Подобная ситуация уже возможна в целом ряде зарубежных и отечественных торговых сетей. Она строится на внедрении различных систем, основанных на использовании методов предиктивной аналитики. Предиктивная или прогнозная аналитика (Predictive analytics) ‒ метод анализа текущих и исторических данных или событий для прогноза данных или событий в будущем.
Анализируя покупательскую историю всех участников программы лояльности, мы узнаем, как часто клиент заходит в магазин, что и в какой последовательности покупает, кто из других участников программы лояльности похож на него по своему покупательскому поведению. На основании этих данных мы можем точно прогнозировать его Customer Journey и предугадывать желания клиента. Ну а как сообщить ему об этом – уже дело техники: можно использовать push-уведомления, sms-информирование и любой другой канал связи, предпочитаемый покупателем.
Практически полностью отпадает необходимость в продавце-консультанте в торговом зале, снижаются затраты на содержание отдела маркетинга: система сама проанализирует историю покупок и сформулирует персональные предложения для клиентов. Кассовое ПО свяжется с CRM-системой для управления программой лояльности, а та сама передаст нужную информацию о покупках клиента в модуль предиктивной аналитики. Участие персонала потребуется только на первоначальном этапе запуска системы».
Не интеллектом единым
Говоря технологиях, которые могут потеснить людей в некоторых профессиях, мы не всегда имеем в виду искусственный интеллект. Это могут быть и более простые устройства и алгоритмы.

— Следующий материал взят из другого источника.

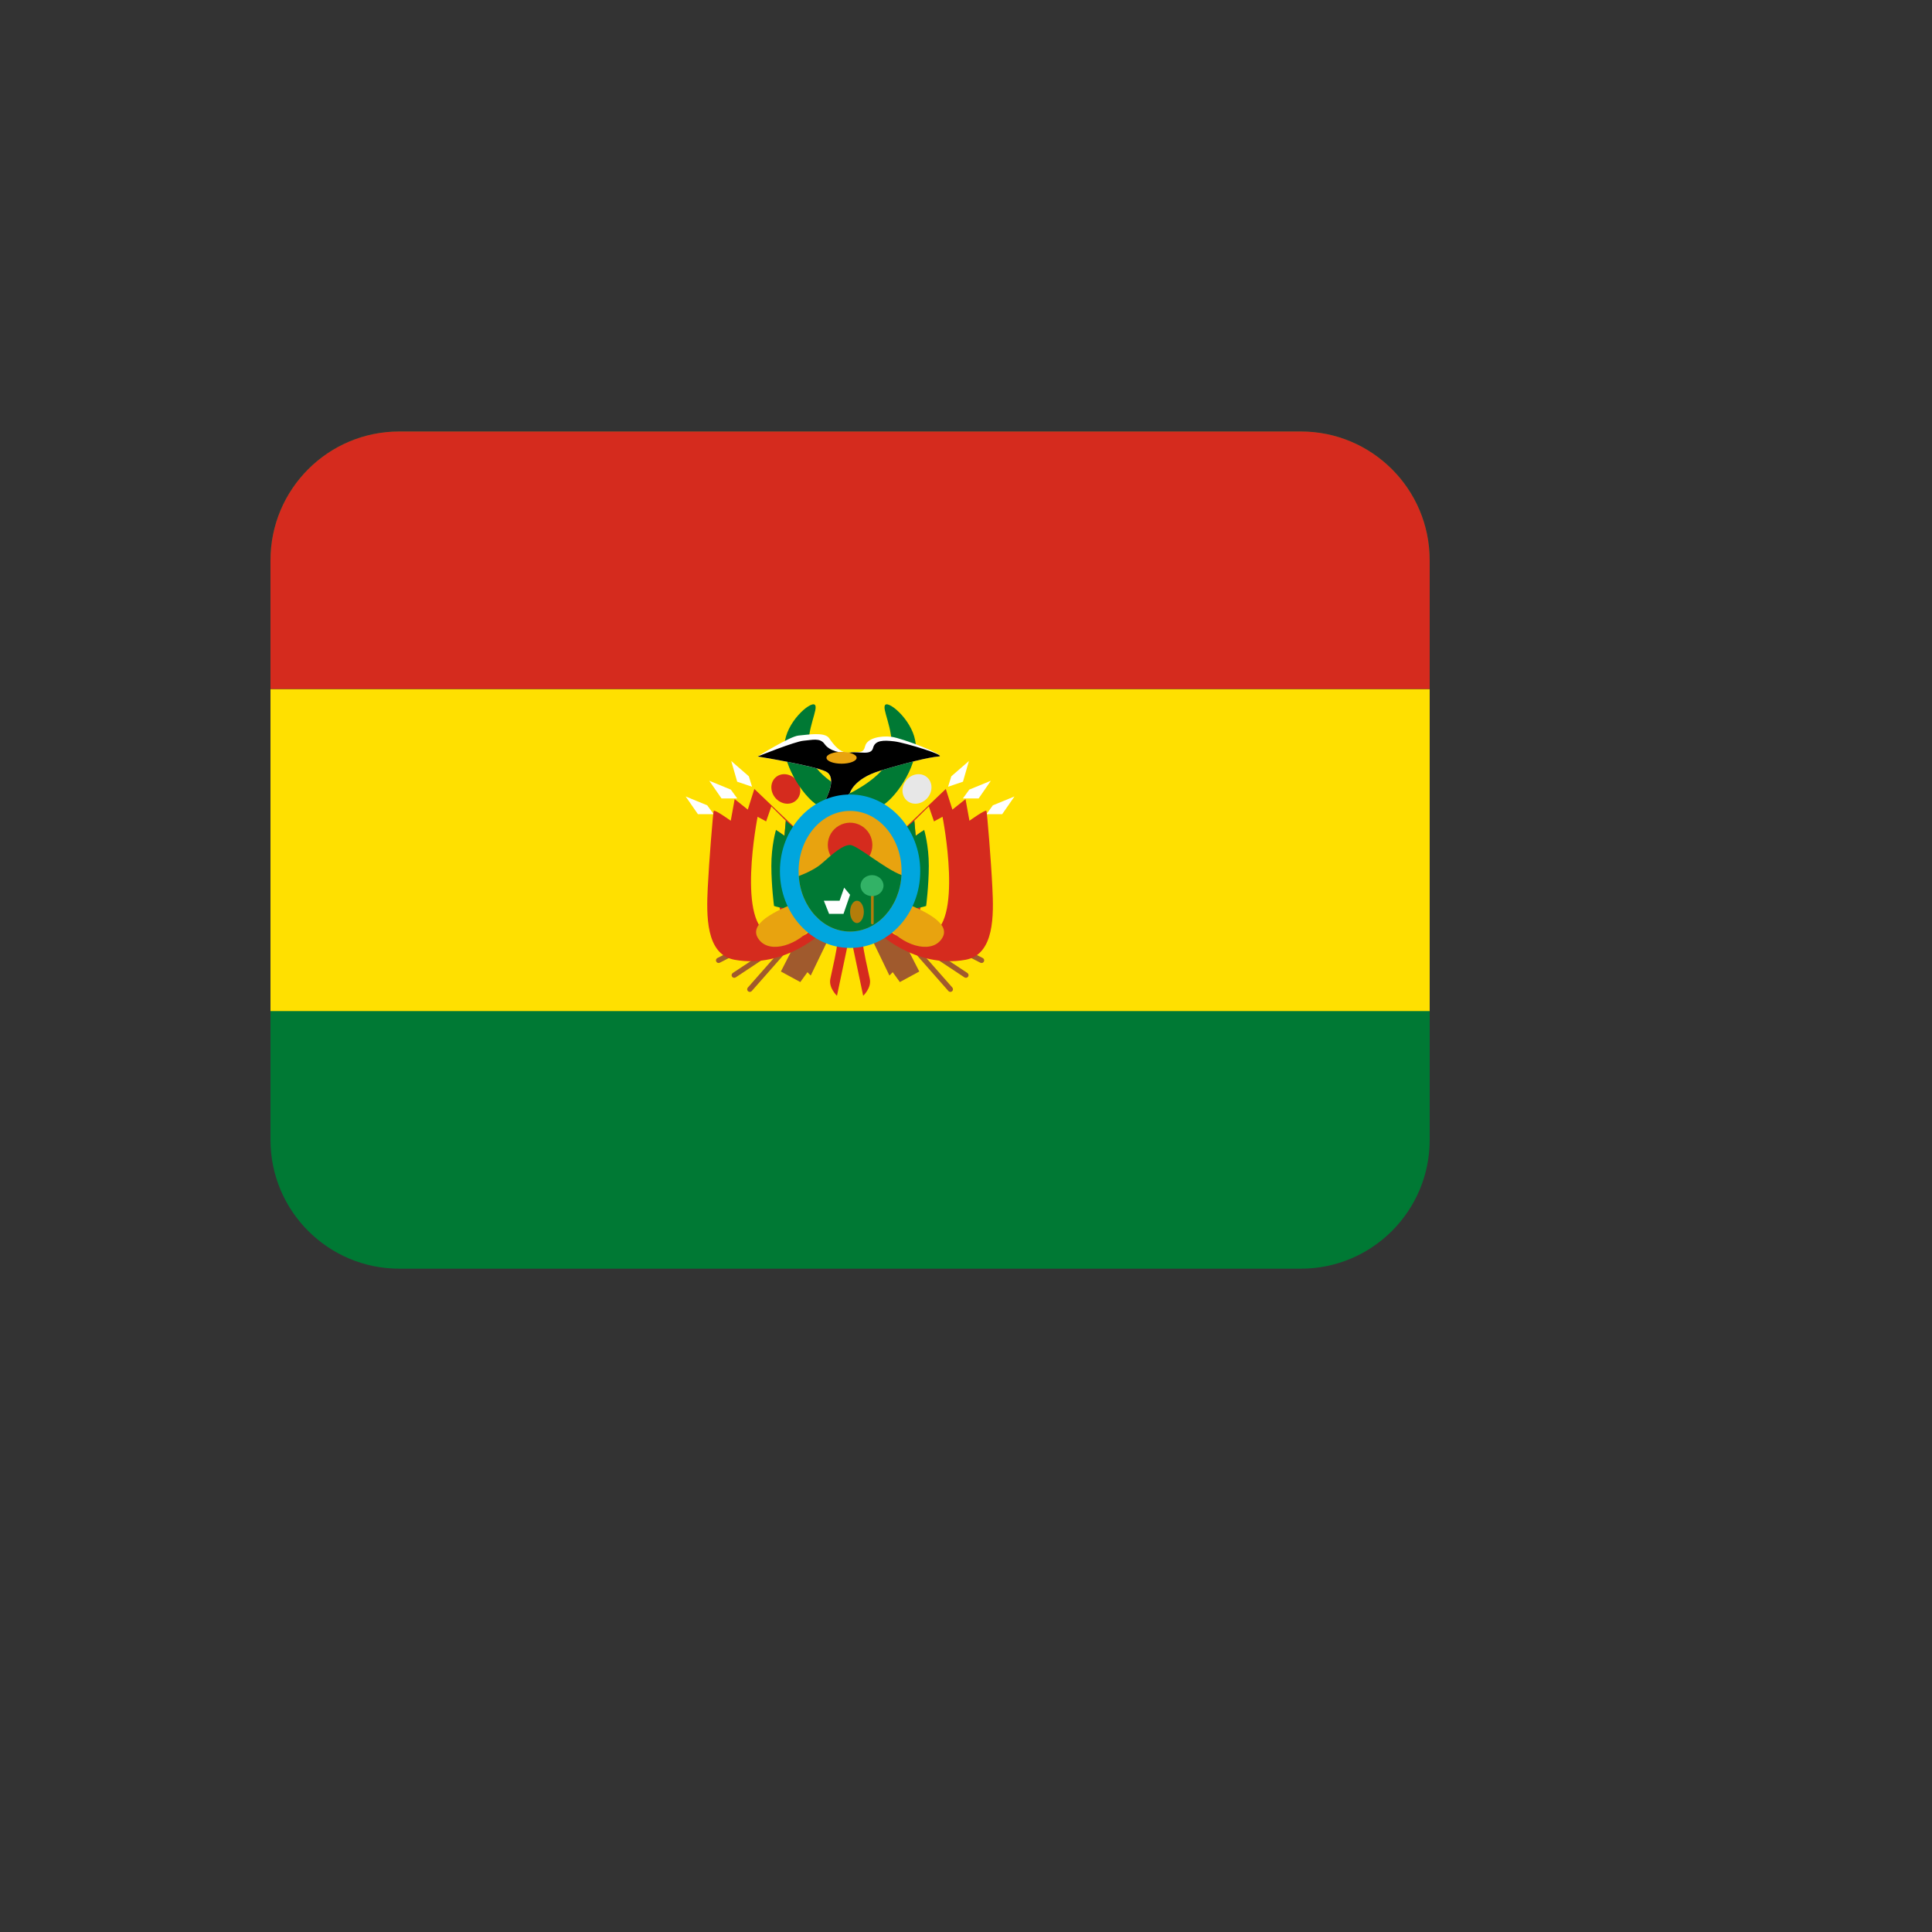 <svg xmlns="http://www.w3.org/2000/svg" version="1.1" xmlns:xlink="http://www.w3.org/1999/xlink" width="100%" height="100%" id="svgWorkerArea" viewBox="-25 -25 625 625" xmlns:idraw="https://idraw.muisca.co" style="background: white;"><rect x="-25" y="-25" width="625" height="625" fill="#333333" stroke="none"/><defs id="defsdoc"><pattern id="patternBool" x="0" y="0" width="10" height="10" patternUnits="userSpaceOnUse" patternTransform="rotate(35)"><circle cx="5" cy="5" r="4" style="stroke: none;fill: #ff000070;"></circle></pattern></defs><g id="fileImp-785345220" class="cosito"><path id="pathImp-167040569" fill="#007934" class="grouped" d="M437.5 343.75C437.5 366.762 418.845 385.417 395.833 385.417 395.833 385.417 104.167 385.417 104.167 385.417 81.155 385.417 62.5 366.762 62.5 343.75 62.5 343.75 62.5 156.25 62.5 156.25 62.5 133.238 81.155 114.583 104.167 114.583 104.167 114.583 395.833 114.583 395.833 114.583 418.845 114.583 437.5 133.238 437.5 156.25 437.5 156.25 437.5 343.75 437.5 343.75 437.5 343.75 437.5 343.75 437.5 343.75"></path><path id="pathImp-532442325" fill="#FFE000" class="grouped" d="M62.5 197.917C62.5 197.917 437.5 197.917 437.5 197.917 437.5 197.917 437.5 302.083 437.5 302.083 437.5 302.083 62.5 302.083 62.5 302.083 62.5 302.083 62.5 197.917 62.5 197.917"></path><path id="pathImp-332669015" fill="#D52B1E" class="grouped" d="M395.833 114.583C395.833 114.583 104.167 114.583 104.167 114.583 81.155 114.583 62.5 133.238 62.5 156.25 62.5 156.25 62.5 197.917 62.5 197.917 62.5 197.917 437.5 197.917 437.5 197.917 437.5 197.917 437.5 156.25 437.5 156.25 437.5 133.238 418.845 114.583 395.833 114.583 395.833 114.583 395.833 114.583 395.833 114.583"></path><path id="pathImp-2773507" fill="#FFF" class="grouped" d="M196.812 232.656C197.24 233.302 200.781 238.385 200.781 238.385 200.781 238.385 205.875 238.385 205.875 238.385 205.875 238.385 203.792 235.521 203.792 235.521 203.792 235.521 196.812 232.656 196.812 232.656 196.812 232.656 196.812 232.656 196.812 232.656M204.448 227.573C204.875 228.208 208.417 233.302 208.417 233.302 208.417 233.302 213.51 233.302 213.51 233.302 213.51 233.302 211.427 230.438 211.427 230.438 211.427 230.438 204.448 227.573 204.448 227.573 204.448 227.573 204.448 227.573 204.448 227.573M211.552 221.177C211.75 221.917 213.479 227.875 213.479 227.875 213.479 227.875 218.292 229.51 218.292 229.511 218.292 229.51 217.25 226.135 217.25 226.135 217.25 226.135 211.552 221.177 211.552 221.177 211.552 221.177 211.552 221.177 211.552 221.177"></path><path id="pathImp-619642948" fill="#A05A2D" class="grouped" d="M207.844 286.438C207.427 286.655 206.913 286.485 206.708 286.062 206.49 285.649 206.654 285.137 207.073 284.927 207.073 284.927 232.771 271.802 232.771 271.802 233.181 271.581 233.694 271.742 233.906 272.156 234.12 272.574 233.957 273.084 233.542 273.302 233.542 273.302 207.844 286.438 207.844 286.438 207.844 286.438 207.844 286.438 207.844 286.438M212.99 291.188C212.594 291.435 212.073 291.325 211.812 290.938 211.556 290.546 211.663 290.021 212.052 289.76 212.052 289.76 236.115 273.854 236.115 273.854 236.652 273.494 237.378 273.849 237.422 274.495 237.443 274.795 237.301 275.082 237.052 275.25 237.052 275.25 212.99 291.188 212.99 291.188 212.99 291.188 212.99 291.188 212.99 291.188"></path><path id="pathImp-701537511" fill="#A05A2D" class="grouped" d="M218.198 295.594C217.887 295.94 217.356 295.976 217 295.677 216.645 295.364 216.613 294.822 216.927 294.469 216.927 294.469 236 272.823 236 272.823 236.312 272.475 236.846 272.443 237.198 272.75 237.55 273.055 237.583 273.591 237.271 273.938 237.271 273.938 218.198 295.594 218.198 295.594 218.198 295.594 218.198 295.594 218.198 295.594"></path><path id="pathImp-615767680" fill="#A05A2D" class="grouped" d="M243.208 278.281C243.208 278.281 237.271 290.583 237.271 290.583 237.271 290.583 236.208 289.5 236.208 289.5 236.208 289.5 233.896 292.698 233.896 292.698 233.896 292.698 227.615 289.281 227.615 289.281 227.615 289.281 235.417 274.031 235.417 274.031 235.417 274.031 243.208 278.281 243.208 278.281"></path><path id="pathImp-259153654" fill="#D52B1E" class="grouped" d="M245.76 297.135C245.76 297.135 250 277 250 277 250 277 249.562 259.385 249.562 259.385 249.562 259.385 219.031 230.219 219.031 230.219 219.031 230.219 216.906 236.906 216.906 236.906 216.906 236.906 212.667 233.51 212.667 233.51 212.667 233.51 211.396 240.51 211.396 240.511 211.396 240.51 206.083 236.698 205.875 237.333 205.667 237.969 204.385 253.458 203.958 262.156 203.542 270.844 203.188 283.781 212.656 285.49 229.198 288.458 241.5 276.156 241.5 276.156 241.5 276.156 245.531 279.979 245.74 280.615 245.948 281.25 244.25 288.667 243.615 291.646 243 294.594 245.76 297.135 245.76 297.135 245.76 297.135 245.76 297.135 245.76 297.135"></path><path id="pathImp-630823075" fill="#FFE000" class="grouped" d="M224.531 235.875C224.531 235.875 222.844 240.719 222.844 240.719 222.844 240.719 220.083 239.229 220.083 239.229 220.083 239.229 213.052 274.656 224.521 277.417 235.99 280.177 237.271 275.5 237.271 275.5 237.271 275.5 231.75 268.083 231.75 268.083 231.75 268.083 227.615 269.99 227.615 269.99 227.615 269.99 225.604 264.51 225.604 257.073 225.604 250.438 226.667 243.896 226.667 243.896 226.667 243.896 228.771 245.375 228.771 245.375 228.771 245.375 229.208 240.5 229.208 240.5 229.208 240.5 224.531 235.875 224.531 235.875 224.531 235.875 224.531 235.875 224.531 235.875"></path><path id="pathImp-912159805" fill="#007934" class="grouped" d="M236.208 246.448C236.208 246.448 229.208 240.5 229.208 240.5 229.208 240.5 228.771 245.375 228.771 245.375 228.771 245.375 226.031 243.469 226.031 243.469 226.031 243.469 224.51 248.562 224.531 255.135 224.552 261.708 225.396 268.083 225.396 268.083 225.396 268.083 230.271 269.771 232.812 268.083 235.365 266.385 236.208 246.448 236.208 246.448 236.208 246.448 236.208 246.448 236.208 246.448"></path><path id="pathImp-772374457" fill="#E8A30F" class="grouped" d="M233.896 266.385C228.385 268.75 217.115 273 220.083 278.281 223.062 283.573 231.75 281.458 237.271 275.5 242.792 269.562 233.896 266.385 233.896 266.385 233.896 266.385 233.896 266.385 233.896 266.385"></path><path id="pathImp-718622876" fill="#FFF" class="grouped" d="M303.177 232.656C302.76 233.302 299.208 238.385 299.208 238.385 299.208 238.385 294.115 238.385 294.115 238.385 294.115 238.385 296.188 235.521 296.188 235.521 296.188 235.521 303.177 232.656 303.177 232.656 303.177 232.656 303.177 232.656 303.177 232.656M295.542 227.573C295.125 228.208 291.583 233.302 291.583 233.302 291.583 233.302 286.49 233.302 286.49 233.302 286.49 233.302 288.562 230.438 288.562 230.438 288.562 230.438 295.542 227.573 295.542 227.573 295.542 227.573 295.542 227.573 295.542 227.573M288.448 221.177C288.448 221.177 286.521 227.875 286.521 227.875 286.521 227.875 281.698 229.51 281.698 229.511 281.698 229.51 282.75 226.135 282.75 226.135 282.75 226.135 288.448 221.177 288.448 221.177 288.448 221.177 288.448 221.177 288.448 221.177"></path><path id="pathImp-258804105" fill="#A05A2D" class="grouped" d="M292.156 286.438C292.573 286.655 293.087 286.485 293.292 286.062 293.51 285.649 293.346 285.137 292.927 284.927 292.927 284.927 267.24 271.802 267.24 271.802 266.825 271.587 266.315 271.745 266.094 272.156 265.869 272.575 266.04 273.097 266.469 273.302 266.469 273.302 292.156 286.438 292.156 286.438 292.156 286.438 292.156 286.438 292.156 286.438M287.01 291.188C287.406 291.435 287.927 291.325 288.188 290.938 288.45 290.547 288.342 290.018 287.948 289.76 287.948 289.76 263.896 273.854 263.896 273.854 263.512 273.591 262.985 273.694 262.729 274.083 262.466 274.468 262.569 274.994 262.958 275.25 262.958 275.25 287.01 291.188 287.01 291.188 287.01 291.188 287.01 291.188 287.01 291.188"></path><path id="pathImp-765873455" fill="#A05A2D" class="grouped" d="M281.812 295.594C282.121 295.939 282.647 295.975 283 295.677 283.352 295.365 283.39 294.827 283.083 294.469 283.083 294.469 264.01 272.823 264.01 272.823 263.719 272.469 263.177 272.448 262.823 272.75 262.468 273.053 262.43 273.589 262.74 273.938 262.74 273.938 281.812 295.594 281.812 295.594 281.812 295.594 281.812 295.594 281.812 295.594"></path><path id="pathImp-581945785" fill="#A05A2D" class="grouped" d="M256.792 278.281C256.792 278.281 262.729 290.583 262.729 290.583 262.729 290.583 263.792 289.5 263.792 289.5 263.792 289.5 266.104 292.698 266.104 292.698 266.104 292.698 272.385 289.281 272.385 289.281 272.385 289.281 264.583 274.031 264.583 274.031 264.583 274.031 256.792 278.281 256.792 278.281"></path><path id="pathImp-614192700" fill="#D52B1E" class="grouped" d="M254.24 297.135C254.24 297.135 250 277 250 277 250 277 250.438 259.385 250.438 259.385 250.438 259.385 280.969 230.219 280.969 230.219 280.969 230.219 283.104 236.906 283.104 236.906 283.104 236.906 287.344 233.51 287.344 233.51 287.344 233.51 288.615 240.51 288.615 240.511 288.615 240.51 293.906 236.698 294.115 237.333 294.333 237.969 295.615 253.458 296.031 262.156 296.458 270.844 296.812 283.781 287.344 285.49 270.792 288.458 258.49 276.156 258.49 276.156 258.49 276.156 254.458 279.979 254.25 280.615 254.042 281.25 255.74 288.667 256.375 291.646 257 294.594 254.24 297.135 254.24 297.135 254.24 297.135 254.24 297.135 254.24 297.135"></path><path id="pathImp-496782119" fill="#FFE000" class="grouped" d="M275.469 235.875C275.469 235.875 277.146 240.719 277.146 240.719 277.146 240.719 279.906 239.229 279.906 239.229 279.906 239.229 286.948 274.656 275.469 277.417 264 280.177 262.719 275.5 262.719 275.5 262.719 275.5 268.229 268.083 268.229 268.083 268.229 268.083 272.375 269.99 272.375 269.99 272.375 269.99 274.375 264.51 274.375 257.073 274.375 250.438 273.312 243.896 273.312 243.896 273.312 243.896 271.208 245.375 271.208 245.375 271.208 245.375 270.771 240.5 270.771 240.5 270.771 240.5 275.469 235.875 275.469 235.875 275.469 235.875 275.469 235.875 275.469 235.875"></path><path id="pathImp-290810901" fill="#007934" class="grouped" d="M263.792 246.448C263.792 246.448 270.792 240.5 270.792 240.5 270.792 240.5 271.229 245.375 271.229 245.375 271.229 245.375 273.969 243.469 273.969 243.469 273.969 243.469 275.49 248.562 275.469 255.135 275.448 261.708 274.604 268.083 274.604 268.083 274.604 268.083 269.719 269.771 267.177 268.083 264.625 266.385 263.792 246.448 263.792 246.448 263.792 246.448 263.792 246.448 263.792 246.448"></path><path id="pathImp-733334011" fill="#E8A30F" class="grouped" d="M266.104 266.385C271.615 268.75 282.875 273 279.906 278.281 276.938 283.573 268.24 281.458 262.729 275.5 257.208 269.562 266.104 266.385 266.104 266.385 266.104 266.385 266.104 266.385 266.104 266.385"></path><path id="pathImp-730783735" fill="#D52B1E" class="grouped" d="M232.615 227.344C234.396 229.448 234.312 232.438 232.427 234.031 230.552 235.625 227.594 235.208 225.812 233.104 224.042 231 224.115 228.01 225.99 226.417 227.865 224.823 230.833 225.24 232.615 227.344 232.615 227.344 232.615 227.344 232.615 227.344"></path><path id="pathImp-586880754" fill="#E7E7E7" class="grouped" d="M268.229 227.344C266.458 229.448 266.542 232.438 268.427 234.031 270.312 235.625 273.26 235.208 275.052 233.104 276.833 231 276.75 228.01 274.865 226.417 272.979 224.823 270.021 225.24 268.229 227.344 268.229 227.344 268.229 227.344 268.229 227.344"></path><path id="pathImp-907396766" fill="#007934" class="grouped" d="M261.458 202.958C259.969 204.021 264.219 210.802 263.375 218.229 262.51 225.656 250 231.594 250 231.594 250 231.594 237.479 225.656 236.635 218.229 235.781 210.812 240.031 204.021 238.542 202.958 237.052 201.896 229.208 208.688 228.792 215.896 228.365 223.104 235.667 233.969 240.458 236.052 245.25 238.135 250.01 239.229 250.01 239.229 250.01 239.229 254.76 238.125 259.562 236.052 264.365 233.969 271.667 223.104 271.229 215.896 270.792 208.688 262.938 201.896 261.458 202.958 261.458 202.958 261.458 202.958 261.458 202.958"></path><path id="pathImp-159373442" fill="#FFF" class="grouped" d="M250 231.385C250 231.385 251.271 226.927 259.552 224.385 267.823 221.833 275.667 219.927 278.646 219.719 281.625 219.5 266.875 213.781 263.375 213.354 259.875 212.938 255.531 213.781 254.885 216.333 254.25 218.875 253.188 218.031 250.01 218.458 246.823 218.875 244.708 215.906 243.219 213.792 241.74 211.667 236.104 212.729 233.354 212.948 230.594 213.156 220.094 219.729 220.094 219.729 220.094 219.729 238.344 222.698 242.156 224.604 245.969 226.521 242.365 233.302 241.312 235.219 240.24 237.115 247.615 234.625 250 231.385 250 231.385 250 231.385 250 231.385"></path><path id="pathImp-336231659" fill="#000" class="grouped" d="M250 231.385C250 231.385 251.271 226.927 259.552 224.385 267.823 221.833 275.667 219.927 278.646 219.719 281.625 219.5 267.833 215.26 264.323 214.833 260.823 214.417 258.073 214.417 257.438 216.958 256.802 219.5 253.198 218.021 250.01 218.448 246.823 218.865 243.219 217.812 241.74 215.688 240.25 213.562 237.708 214.417 234.948 214.625 232.198 214.833 220.104 219.719 220.104 219.719 220.104 219.719 238.354 222.688 242.167 224.594 245.979 226.51 242.375 233.292 241.323 235.208 240.24 237.115 247.615 234.625 250 231.385 250 231.385 250 231.385 250 231.385"></path><path id="pathImp-573445668" fill="#00A6DE" class="grouped" d="M227.302 256.833C227.302 243.125 237.469 232.021 250 232.021 262.542 232.021 272.698 243.135 272.698 256.833 272.698 270.542 262.542 281.656 250 281.656 237.469 281.656 227.302 270.552 227.302 256.833 227.302 256.833 227.302 256.833 227.302 256.833"></path><path id="pathImp-649678753" fill="#E8A30F" class="grouped" d="M233.344 256.833C233.344 246.062 240.802 237.323 250 237.323 259.198 237.323 266.656 246.062 266.656 256.833 266.656 267.625 259.198 276.354 250 276.354 240.802 276.354 233.344 267.625 233.344 256.833 233.344 256.833 233.344 256.833 233.344 256.833"></path><path id="pathImp-991441105" fill="#D52B1E" class="grouped" d="M242.792 248.354C242.792 242.805 248.799 239.338 253.604 242.112 255.834 243.399 257.208 245.779 257.208 248.354 257.208 253.903 251.201 257.371 246.396 254.597 244.166 253.309 242.792 250.929 242.792 248.354 242.792 248.354 242.792 248.354 242.792 248.354"></path><path id="pathImp-906192867" fill="#007934" class="grouped" d="M250 276.354C258.844 276.354 266.083 268.281 266.625 258.073 261.198 256.062 252.229 248.354 250 248.354 247.667 248.354 244.698 250.906 240.885 254.292 238.927 256.042 235.885 257.448 233.406 258.406 234.083 268.448 241.25 276.354 250 276.354 250 276.354 250 276.354 250 276.354"></path><path id="pathImp-207260153" fill="#E8A30F" class="grouped" d="M252.125 220.135C252.125 221.198 249.938 222.052 247.25 222.052 244.552 222.052 242.365 221.198 242.365 220.135 242.365 219.083 244.552 218.229 247.25 218.229 249.938 218.229 252.125 219.094 252.125 220.135 252.125 220.135 252.125 220.135 252.125 220.135"></path><path id="pathImp-589742930" fill="#FFF" class="grouped" d="M241.51 266.385C241.51 266.385 246.604 266.385 246.604 266.385 246.604 266.385 248.083 262.146 248.083 262.146 248.083 262.146 250 264.469 250 264.469 250 264.469 247.875 270.625 247.875 270.625 247.875 270.625 243.208 270.625 243.208 270.625 243.208 270.625 241.51 266.385 241.51 266.385"></path><path id="pathImp-816750460" fill="#B37D0A" class="grouped" d="M254.448 269.99C254.448 271.979 253.458 273.604 252.229 273.604 251 273.604 250 271.99 250 269.99 250 268 251 266.385 252.229 266.385 253.458 266.385 254.448 268 254.448 269.99 254.448 269.99 254.448 269.99 254.448 269.99M257.635 273.604C257.642 273.843 257.447 274.038 257.208 274.031 256.97 274.038 256.775 273.843 256.781 273.604 256.781 273.604 256.781 262.573 256.781 262.573 256.781 262.344 256.969 262.146 257.208 262.146 257.438 262.146 257.635 262.344 257.635 262.573 257.635 262.573 257.635 273.604 257.635 273.604 257.635 273.604 257.635 273.604 257.635 273.604"></path><path id="pathImp-170437147" fill="#32B266" class="grouped" d="M260.812 261.5C260.812 263.375 259.156 264.896 257.104 264.896 255.052 264.896 253.396 263.375 253.396 261.5 253.396 259.625 255.062 258.104 257.104 258.104 259.156 258.115 260.812 259.625 260.812 261.5 260.812 261.5 260.812 261.5 260.812 261.5"></path></g></svg>

«Я очень сомневаюсь, что в ближайшие два-три года на рынке розничной торговли что-то резко изменится: какими бы семимильными шагами не развивалась автоматизация ритейла, так быстро она «человеческие» профессии не уберёт, — комментирует Александр Осипов, руководитель отдела маркетинга группы компаний «Пилот». — Однако, действительно, развитие техники для торговли помогает владельцам магазина сокращать персонал. Есть несколько заметных трендов, развивающихся и в России».
Александр приводит в пример несколько задач, где помощь технологий была бы полезна:
- процессы автоматизации товароучёта. Электронные ценники, мобильные принтеры позволяют ритейлерам сократить штат и траты на расходные материалы. В обоих случаях работникам магазинов не требуется вручную распечатывать ценники и расклеивать их по залу.
- внедрение в магазине систем самообслуживания позволяет сократить количество касс и, соответственно, кассиров.
- технология Digital Signage поможет ритейлеру сократить затраты на проведение промо-акций и, как следствие, и уменьшить число персонала, вовлеченных в них.
- информационные киоски помогут сократить штат консультантов. Покупатели, просто отсканировав штрих-код интересующего товара, уточнят его цену и получат дополнительную информацию о нем. Ритейлеры могут демонстрировать на инфокиоске любой мультимедийный контент.
«На самом деле, многое современное оборудование для автоматизации ритейла способно если не сократить штат персонала магазина, то сделать его работу гораздо эффективнее, — поясняет Александр Осипов. — Однако для этого нужно с умом выбирать оборудование и не использовать его как вещь в себе, а внедрять в общую информационную сеть торговой точки».
«Вообще для российского бизнеса крайне невыгодно переходить на использование роботов с чисто экономической точки зрения, — резюмирует Ольга Хохлова. — Сокращение рабочих мест никаким образом не стимулирует отечественную экономику, а напротив, лишь усугубит ситуацию. Россия ‒ огромная страна, и благосостояние населения здесь напрямую зависит от количества рабочих мест, а, как известно, от этого же зависит потребительский спрос, который является двигателем торговли».